DATA RECORDS:
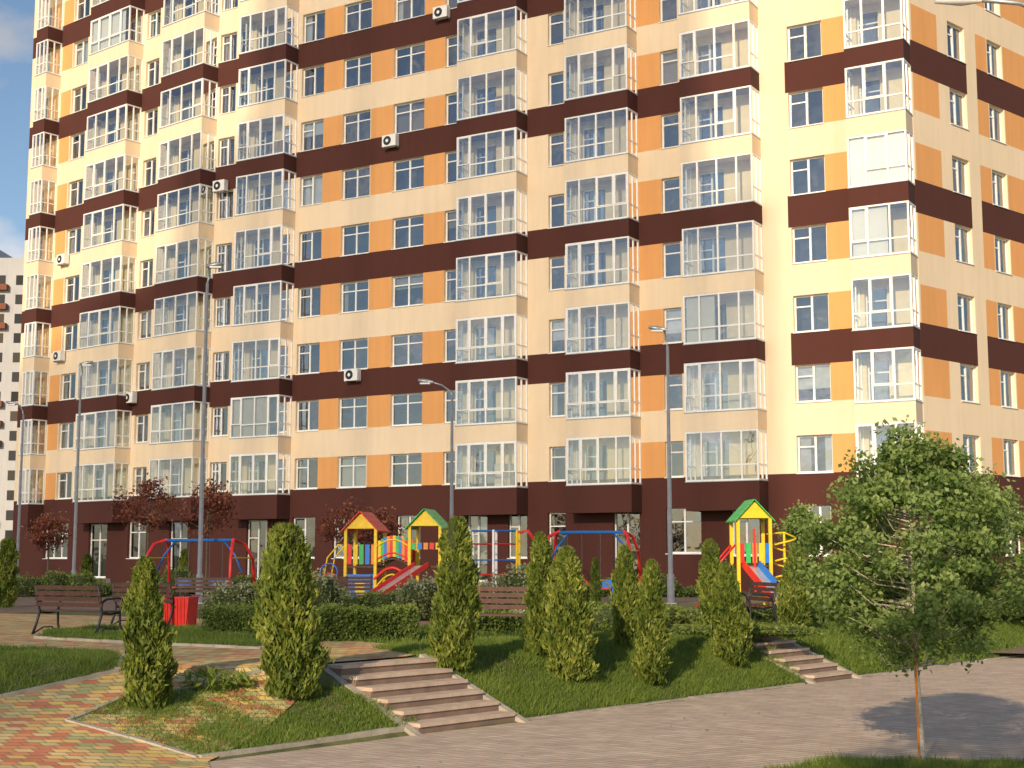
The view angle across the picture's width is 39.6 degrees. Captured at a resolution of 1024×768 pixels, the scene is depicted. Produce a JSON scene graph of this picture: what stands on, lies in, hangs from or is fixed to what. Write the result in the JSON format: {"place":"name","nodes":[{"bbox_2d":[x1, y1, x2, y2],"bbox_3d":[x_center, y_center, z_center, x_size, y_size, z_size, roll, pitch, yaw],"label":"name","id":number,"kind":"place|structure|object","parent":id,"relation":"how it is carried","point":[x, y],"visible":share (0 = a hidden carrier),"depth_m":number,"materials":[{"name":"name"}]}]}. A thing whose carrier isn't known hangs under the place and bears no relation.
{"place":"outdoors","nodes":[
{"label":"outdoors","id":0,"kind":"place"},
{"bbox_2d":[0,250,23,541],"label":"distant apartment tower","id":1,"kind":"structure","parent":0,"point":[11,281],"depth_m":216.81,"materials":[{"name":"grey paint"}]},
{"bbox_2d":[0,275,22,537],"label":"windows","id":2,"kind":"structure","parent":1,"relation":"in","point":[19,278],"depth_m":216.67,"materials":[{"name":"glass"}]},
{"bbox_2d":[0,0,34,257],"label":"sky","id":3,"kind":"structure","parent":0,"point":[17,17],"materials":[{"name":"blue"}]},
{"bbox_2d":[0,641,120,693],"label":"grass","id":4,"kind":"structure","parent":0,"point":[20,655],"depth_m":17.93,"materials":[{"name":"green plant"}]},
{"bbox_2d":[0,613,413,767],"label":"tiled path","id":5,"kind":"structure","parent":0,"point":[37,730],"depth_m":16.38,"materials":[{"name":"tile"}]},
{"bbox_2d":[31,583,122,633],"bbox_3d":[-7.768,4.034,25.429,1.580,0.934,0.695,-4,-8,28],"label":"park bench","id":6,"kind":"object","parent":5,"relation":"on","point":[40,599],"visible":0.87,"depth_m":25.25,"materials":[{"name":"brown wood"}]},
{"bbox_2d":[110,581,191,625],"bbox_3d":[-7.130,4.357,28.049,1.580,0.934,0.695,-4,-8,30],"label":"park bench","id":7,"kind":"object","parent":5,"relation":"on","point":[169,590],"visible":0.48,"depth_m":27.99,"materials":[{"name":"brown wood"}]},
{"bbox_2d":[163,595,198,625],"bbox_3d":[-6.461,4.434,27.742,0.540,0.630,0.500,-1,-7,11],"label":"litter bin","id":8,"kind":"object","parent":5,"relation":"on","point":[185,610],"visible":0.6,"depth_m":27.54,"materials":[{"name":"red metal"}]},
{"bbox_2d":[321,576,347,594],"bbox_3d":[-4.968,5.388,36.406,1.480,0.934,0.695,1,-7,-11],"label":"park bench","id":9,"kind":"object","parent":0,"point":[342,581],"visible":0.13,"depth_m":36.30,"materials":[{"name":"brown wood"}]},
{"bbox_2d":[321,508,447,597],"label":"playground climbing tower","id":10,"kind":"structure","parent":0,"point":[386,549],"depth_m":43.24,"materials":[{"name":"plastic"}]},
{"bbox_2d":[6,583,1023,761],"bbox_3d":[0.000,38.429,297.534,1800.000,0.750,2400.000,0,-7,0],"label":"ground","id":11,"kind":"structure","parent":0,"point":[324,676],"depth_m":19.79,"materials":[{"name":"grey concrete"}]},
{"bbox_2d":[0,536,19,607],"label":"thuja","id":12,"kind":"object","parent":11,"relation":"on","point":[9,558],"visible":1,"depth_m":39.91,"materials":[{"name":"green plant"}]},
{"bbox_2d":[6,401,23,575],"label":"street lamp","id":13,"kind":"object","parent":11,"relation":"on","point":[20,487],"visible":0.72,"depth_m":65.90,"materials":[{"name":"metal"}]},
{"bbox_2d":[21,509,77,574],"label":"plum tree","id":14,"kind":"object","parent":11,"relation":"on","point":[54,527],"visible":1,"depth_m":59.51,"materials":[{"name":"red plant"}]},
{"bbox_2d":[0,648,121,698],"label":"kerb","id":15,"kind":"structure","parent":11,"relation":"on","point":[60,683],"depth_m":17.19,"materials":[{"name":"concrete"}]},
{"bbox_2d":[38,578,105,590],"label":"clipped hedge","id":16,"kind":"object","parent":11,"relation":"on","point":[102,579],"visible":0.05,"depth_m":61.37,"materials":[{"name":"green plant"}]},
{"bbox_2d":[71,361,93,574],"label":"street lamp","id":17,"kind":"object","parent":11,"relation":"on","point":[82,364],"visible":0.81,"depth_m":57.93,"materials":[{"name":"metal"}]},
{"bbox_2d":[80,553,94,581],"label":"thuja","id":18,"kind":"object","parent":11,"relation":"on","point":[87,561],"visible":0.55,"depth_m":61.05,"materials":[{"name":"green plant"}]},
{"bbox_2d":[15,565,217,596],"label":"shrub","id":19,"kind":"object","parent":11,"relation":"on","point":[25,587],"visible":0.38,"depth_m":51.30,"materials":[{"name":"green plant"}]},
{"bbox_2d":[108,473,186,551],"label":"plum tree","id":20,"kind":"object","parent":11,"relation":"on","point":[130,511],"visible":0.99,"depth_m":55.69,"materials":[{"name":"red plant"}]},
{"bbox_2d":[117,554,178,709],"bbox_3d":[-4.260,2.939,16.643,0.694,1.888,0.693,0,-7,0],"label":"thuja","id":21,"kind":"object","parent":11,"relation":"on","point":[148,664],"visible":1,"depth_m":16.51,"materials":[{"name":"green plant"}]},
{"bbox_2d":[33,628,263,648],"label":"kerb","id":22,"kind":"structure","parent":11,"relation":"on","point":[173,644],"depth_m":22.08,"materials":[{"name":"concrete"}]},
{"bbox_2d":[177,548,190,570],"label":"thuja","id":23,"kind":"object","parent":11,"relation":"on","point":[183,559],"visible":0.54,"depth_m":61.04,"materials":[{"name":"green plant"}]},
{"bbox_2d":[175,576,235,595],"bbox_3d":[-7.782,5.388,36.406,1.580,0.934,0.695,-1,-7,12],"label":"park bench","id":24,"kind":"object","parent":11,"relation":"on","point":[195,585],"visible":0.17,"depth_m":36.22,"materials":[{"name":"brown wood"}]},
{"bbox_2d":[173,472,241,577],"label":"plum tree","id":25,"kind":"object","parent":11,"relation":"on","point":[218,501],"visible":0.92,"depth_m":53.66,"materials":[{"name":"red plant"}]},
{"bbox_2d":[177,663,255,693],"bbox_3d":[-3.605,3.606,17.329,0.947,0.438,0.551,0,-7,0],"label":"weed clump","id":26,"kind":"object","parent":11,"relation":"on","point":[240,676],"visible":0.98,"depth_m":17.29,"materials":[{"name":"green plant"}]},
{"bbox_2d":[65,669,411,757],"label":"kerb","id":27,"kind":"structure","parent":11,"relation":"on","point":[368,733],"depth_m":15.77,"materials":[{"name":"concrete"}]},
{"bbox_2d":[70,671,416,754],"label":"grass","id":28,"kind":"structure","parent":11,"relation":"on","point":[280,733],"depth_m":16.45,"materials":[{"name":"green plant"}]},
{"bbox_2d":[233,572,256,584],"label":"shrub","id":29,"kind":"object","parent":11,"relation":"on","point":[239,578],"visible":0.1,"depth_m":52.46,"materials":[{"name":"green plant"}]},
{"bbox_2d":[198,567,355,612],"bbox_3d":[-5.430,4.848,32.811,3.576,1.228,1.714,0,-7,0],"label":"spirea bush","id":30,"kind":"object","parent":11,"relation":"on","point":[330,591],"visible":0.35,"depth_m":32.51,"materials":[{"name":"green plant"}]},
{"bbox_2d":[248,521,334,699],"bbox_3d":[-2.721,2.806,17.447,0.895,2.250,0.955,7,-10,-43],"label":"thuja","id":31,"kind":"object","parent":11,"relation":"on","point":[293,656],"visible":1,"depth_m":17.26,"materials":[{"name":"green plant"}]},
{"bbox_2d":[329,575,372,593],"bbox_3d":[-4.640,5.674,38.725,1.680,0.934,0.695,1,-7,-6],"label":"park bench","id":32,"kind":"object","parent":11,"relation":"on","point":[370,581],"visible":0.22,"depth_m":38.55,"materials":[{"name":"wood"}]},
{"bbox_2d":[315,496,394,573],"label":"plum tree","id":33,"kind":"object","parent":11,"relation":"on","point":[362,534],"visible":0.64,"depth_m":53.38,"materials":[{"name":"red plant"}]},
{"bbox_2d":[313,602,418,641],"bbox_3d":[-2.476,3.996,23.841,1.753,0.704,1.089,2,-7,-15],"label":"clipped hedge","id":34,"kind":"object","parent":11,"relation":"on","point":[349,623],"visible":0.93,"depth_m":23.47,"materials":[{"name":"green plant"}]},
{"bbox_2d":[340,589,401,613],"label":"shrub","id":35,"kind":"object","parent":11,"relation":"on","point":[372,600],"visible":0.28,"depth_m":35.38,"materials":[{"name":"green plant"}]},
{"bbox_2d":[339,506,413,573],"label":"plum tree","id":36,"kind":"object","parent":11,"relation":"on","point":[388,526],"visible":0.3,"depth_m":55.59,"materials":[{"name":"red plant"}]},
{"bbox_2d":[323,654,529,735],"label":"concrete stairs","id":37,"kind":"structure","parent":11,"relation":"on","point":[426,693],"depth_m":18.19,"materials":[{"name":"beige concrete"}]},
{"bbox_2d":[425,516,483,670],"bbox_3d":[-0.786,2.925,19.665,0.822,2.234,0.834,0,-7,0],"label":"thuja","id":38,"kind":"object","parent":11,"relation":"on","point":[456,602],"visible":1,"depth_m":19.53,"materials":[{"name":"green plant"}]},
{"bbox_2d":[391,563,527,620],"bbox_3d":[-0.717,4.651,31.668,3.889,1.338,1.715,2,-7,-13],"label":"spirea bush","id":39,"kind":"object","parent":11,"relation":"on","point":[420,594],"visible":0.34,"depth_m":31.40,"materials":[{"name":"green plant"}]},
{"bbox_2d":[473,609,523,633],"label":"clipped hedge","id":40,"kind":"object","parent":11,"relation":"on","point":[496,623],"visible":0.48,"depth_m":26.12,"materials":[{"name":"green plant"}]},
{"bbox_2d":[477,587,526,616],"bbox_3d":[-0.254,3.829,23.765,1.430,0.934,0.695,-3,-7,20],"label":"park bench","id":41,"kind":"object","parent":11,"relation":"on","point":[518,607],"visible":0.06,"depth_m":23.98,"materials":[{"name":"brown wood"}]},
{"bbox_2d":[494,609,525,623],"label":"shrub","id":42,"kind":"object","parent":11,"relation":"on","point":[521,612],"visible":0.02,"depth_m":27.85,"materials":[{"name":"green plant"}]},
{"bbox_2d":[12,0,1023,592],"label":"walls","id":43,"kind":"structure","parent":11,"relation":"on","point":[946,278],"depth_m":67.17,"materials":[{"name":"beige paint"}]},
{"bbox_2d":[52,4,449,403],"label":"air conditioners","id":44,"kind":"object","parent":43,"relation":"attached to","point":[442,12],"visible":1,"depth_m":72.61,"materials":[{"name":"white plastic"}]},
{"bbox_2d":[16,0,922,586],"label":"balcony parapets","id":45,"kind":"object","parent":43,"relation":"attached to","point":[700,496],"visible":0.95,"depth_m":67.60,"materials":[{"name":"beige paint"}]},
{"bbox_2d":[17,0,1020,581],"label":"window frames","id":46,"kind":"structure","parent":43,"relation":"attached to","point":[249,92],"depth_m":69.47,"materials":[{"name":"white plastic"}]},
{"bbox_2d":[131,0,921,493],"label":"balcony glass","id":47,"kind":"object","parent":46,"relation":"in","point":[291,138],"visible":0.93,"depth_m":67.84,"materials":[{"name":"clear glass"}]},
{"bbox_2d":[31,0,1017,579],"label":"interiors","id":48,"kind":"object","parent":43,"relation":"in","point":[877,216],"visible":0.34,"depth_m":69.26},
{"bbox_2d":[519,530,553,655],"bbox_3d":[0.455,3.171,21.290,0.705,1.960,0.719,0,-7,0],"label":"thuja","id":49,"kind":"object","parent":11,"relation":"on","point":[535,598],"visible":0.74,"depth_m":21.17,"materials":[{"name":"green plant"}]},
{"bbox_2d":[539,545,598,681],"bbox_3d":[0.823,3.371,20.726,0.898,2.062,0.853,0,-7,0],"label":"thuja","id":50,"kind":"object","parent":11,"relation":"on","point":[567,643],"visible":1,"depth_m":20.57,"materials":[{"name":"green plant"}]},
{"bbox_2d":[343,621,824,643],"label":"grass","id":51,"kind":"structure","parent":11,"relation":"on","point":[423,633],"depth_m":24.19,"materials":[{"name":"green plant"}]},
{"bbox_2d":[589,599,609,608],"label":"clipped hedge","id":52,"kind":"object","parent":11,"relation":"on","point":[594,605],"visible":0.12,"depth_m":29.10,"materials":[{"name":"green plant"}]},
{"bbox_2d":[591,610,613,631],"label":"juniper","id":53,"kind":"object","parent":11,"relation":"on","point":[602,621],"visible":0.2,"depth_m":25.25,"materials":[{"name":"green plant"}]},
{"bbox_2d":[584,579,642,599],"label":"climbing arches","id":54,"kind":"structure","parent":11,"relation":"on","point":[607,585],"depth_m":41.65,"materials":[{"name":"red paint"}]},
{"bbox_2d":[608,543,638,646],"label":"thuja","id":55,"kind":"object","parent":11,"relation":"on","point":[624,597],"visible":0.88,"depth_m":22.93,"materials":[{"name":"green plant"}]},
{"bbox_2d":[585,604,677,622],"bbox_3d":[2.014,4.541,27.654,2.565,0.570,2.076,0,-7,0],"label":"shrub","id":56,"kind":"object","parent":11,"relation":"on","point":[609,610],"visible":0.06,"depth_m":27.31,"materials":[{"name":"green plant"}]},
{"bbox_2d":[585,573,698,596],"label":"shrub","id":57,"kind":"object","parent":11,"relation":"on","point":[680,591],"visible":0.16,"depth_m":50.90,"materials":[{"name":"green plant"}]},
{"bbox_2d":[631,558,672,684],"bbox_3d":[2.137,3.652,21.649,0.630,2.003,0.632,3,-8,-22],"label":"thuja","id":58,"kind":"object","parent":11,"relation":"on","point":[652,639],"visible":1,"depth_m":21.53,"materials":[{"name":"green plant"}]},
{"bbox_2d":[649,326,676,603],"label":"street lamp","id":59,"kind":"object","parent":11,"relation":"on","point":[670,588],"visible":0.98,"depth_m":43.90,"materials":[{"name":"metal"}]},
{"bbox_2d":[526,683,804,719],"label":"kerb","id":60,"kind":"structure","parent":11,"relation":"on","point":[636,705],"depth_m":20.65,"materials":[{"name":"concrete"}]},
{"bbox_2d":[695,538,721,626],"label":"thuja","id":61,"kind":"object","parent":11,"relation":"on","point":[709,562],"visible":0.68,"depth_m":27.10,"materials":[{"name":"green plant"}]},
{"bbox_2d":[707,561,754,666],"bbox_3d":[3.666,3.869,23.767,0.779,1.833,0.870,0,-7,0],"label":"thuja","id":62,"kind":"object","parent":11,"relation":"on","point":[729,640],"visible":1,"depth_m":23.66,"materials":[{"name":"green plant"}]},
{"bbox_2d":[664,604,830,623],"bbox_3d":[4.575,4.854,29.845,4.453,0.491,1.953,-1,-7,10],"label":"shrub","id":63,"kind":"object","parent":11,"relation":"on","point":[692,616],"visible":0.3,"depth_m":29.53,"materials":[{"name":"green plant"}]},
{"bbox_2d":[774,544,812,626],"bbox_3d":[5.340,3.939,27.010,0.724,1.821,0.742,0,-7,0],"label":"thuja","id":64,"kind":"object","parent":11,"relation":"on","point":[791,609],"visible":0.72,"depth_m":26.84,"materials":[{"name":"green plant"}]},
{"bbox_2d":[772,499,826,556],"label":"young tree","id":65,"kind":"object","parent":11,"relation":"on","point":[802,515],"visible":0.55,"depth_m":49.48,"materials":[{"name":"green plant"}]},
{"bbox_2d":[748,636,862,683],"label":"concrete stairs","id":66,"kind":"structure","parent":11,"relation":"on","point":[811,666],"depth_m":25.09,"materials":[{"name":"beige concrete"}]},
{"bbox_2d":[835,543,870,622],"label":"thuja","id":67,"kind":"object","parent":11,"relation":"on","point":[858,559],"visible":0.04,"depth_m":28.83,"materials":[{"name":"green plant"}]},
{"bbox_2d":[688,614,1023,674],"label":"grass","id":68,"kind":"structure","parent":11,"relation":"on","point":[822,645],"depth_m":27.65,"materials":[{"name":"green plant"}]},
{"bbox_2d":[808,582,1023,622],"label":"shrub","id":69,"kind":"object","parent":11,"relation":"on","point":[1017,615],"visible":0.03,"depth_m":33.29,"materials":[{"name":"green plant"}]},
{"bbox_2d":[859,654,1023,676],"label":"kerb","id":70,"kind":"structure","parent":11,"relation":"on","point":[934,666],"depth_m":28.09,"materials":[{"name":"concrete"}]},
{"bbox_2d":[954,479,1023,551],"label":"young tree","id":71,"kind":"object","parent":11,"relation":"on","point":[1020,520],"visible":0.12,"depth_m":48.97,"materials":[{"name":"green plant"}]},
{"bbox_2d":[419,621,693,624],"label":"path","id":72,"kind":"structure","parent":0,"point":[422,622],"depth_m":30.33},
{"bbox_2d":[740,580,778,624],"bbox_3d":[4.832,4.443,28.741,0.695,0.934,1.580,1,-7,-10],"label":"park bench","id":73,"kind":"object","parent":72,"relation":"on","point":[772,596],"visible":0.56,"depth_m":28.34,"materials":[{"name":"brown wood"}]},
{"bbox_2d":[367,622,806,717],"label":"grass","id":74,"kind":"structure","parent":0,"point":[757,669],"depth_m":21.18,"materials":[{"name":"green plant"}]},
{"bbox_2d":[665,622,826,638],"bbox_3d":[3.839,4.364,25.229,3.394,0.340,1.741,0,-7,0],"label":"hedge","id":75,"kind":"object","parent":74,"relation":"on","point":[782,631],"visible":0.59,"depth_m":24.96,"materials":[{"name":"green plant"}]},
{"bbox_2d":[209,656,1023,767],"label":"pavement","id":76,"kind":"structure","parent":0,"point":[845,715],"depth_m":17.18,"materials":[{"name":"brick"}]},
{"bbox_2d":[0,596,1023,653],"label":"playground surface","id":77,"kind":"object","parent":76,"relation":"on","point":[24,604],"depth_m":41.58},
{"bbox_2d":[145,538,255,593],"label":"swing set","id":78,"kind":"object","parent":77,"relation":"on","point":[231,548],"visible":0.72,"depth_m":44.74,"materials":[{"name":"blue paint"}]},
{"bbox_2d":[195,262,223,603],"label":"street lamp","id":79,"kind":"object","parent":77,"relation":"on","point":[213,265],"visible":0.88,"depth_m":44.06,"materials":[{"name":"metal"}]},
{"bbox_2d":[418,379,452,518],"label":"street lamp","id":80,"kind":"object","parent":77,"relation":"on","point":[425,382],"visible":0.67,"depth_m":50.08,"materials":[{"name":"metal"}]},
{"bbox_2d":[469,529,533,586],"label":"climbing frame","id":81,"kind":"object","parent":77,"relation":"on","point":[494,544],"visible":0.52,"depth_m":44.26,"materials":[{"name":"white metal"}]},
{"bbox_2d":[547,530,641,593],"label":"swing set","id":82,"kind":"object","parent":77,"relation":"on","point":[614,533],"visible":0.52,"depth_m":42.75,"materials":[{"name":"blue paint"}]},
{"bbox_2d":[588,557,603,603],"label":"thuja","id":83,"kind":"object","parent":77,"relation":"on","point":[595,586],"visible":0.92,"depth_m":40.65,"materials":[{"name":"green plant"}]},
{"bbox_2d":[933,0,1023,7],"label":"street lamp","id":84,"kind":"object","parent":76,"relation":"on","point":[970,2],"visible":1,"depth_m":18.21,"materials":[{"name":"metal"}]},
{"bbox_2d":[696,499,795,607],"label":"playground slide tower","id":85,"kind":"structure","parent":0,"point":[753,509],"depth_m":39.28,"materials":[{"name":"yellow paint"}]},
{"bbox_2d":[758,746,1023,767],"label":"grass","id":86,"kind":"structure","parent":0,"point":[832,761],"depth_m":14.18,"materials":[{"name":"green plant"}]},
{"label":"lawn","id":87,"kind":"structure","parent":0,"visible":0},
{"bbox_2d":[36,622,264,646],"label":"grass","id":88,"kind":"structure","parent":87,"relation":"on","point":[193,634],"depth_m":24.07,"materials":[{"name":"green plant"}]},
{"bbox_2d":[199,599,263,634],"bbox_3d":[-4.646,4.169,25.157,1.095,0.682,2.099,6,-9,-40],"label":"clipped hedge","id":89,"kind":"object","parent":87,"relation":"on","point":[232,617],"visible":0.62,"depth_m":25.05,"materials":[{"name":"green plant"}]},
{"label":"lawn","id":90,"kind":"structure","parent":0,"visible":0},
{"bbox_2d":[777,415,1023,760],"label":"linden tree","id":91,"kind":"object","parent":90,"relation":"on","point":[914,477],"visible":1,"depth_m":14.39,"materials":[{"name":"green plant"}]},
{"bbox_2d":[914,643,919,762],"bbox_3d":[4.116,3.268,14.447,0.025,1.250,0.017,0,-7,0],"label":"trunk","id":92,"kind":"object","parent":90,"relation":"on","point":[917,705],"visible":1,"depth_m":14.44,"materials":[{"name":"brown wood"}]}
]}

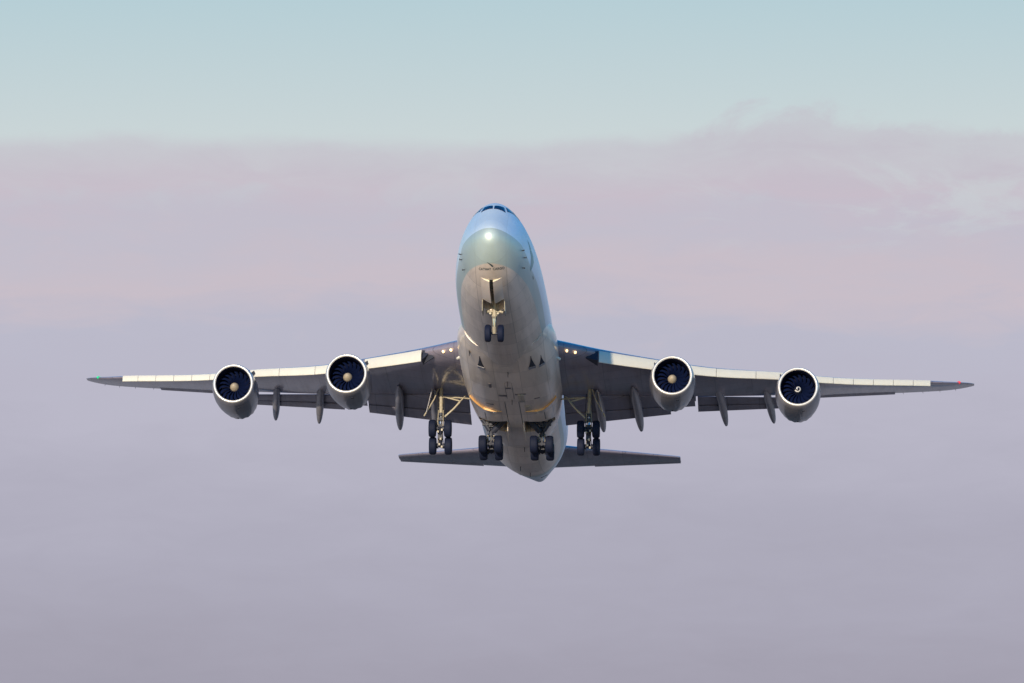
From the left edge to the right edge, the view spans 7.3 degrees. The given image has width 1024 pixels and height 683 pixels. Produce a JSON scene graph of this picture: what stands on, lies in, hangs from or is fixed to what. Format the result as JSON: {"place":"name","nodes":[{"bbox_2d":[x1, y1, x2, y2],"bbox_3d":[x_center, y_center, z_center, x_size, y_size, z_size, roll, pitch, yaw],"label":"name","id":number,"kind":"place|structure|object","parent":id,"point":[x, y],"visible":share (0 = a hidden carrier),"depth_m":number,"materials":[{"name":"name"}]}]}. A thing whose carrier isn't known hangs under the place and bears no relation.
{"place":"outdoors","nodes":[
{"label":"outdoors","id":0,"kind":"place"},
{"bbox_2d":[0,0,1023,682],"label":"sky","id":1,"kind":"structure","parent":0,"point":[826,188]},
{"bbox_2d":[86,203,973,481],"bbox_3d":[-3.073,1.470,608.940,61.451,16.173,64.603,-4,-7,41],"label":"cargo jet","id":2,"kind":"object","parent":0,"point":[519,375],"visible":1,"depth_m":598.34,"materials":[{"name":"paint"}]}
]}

EXERCISE INSTRUCTIONS: Above are the records; copy each line from them that includes the string "park".

SOLUTION TO THIS PROBLEM:
{"bbox_2d":[31,583,122,633],"bbox_3d":[-7.768,4.034,25.429,1.580,0.934,0.695,-4,-8,28],"label":"park bench","id":6,"kind":"object","parent":5,"relation":"on","point":[40,599],"visible":0.87,"depth_m":25.25,"materials":[{"name":"brown wood"}]},
{"bbox_2d":[110,581,191,625],"bbox_3d":[-7.130,4.357,28.049,1.580,0.934,0.695,-4,-8,30],"label":"park bench","id":7,"kind":"object","parent":5,"relation":"on","point":[169,590],"visible":0.48,"depth_m":27.99,"materials":[{"name":"brown wood"}]},
{"bbox_2d":[321,576,347,594],"bbox_3d":[-4.968,5.388,36.406,1.480,0.934,0.695,1,-7,-11],"label":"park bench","id":9,"kind":"object","parent":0,"point":[342,581],"visible":0.13,"depth_m":36.30,"materials":[{"name":"brown wood"}]},
{"bbox_2d":[175,576,235,595],"bbox_3d":[-7.782,5.388,36.406,1.580,0.934,0.695,-1,-7,12],"label":"park bench","id":24,"kind":"object","parent":11,"relation":"on","point":[195,585],"visible":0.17,"depth_m":36.22,"materials":[{"name":"brown wood"}]},
{"bbox_2d":[329,575,372,593],"bbox_3d":[-4.640,5.674,38.725,1.680,0.934,0.695,1,-7,-6],"label":"park bench","id":32,"kind":"object","parent":11,"relation":"on","point":[370,581],"visible":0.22,"depth_m":38.55,"materials":[{"name":"wood"}]},
{"bbox_2d":[477,587,526,616],"bbox_3d":[-0.254,3.829,23.765,1.430,0.934,0.695,-3,-7,20],"label":"park bench","id":41,"kind":"object","parent":11,"relation":"on","point":[518,607],"visible":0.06,"depth_m":23.98,"materials":[{"name":"brown wood"}]},
{"bbox_2d":[740,580,778,624],"bbox_3d":[4.832,4.443,28.741,0.695,0.934,1.580,1,-7,-10],"label":"park bench","id":73,"kind":"object","parent":72,"relation":"on","point":[772,596],"visible":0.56,"depth_m":28.34,"materials":[{"name":"brown wood"}]},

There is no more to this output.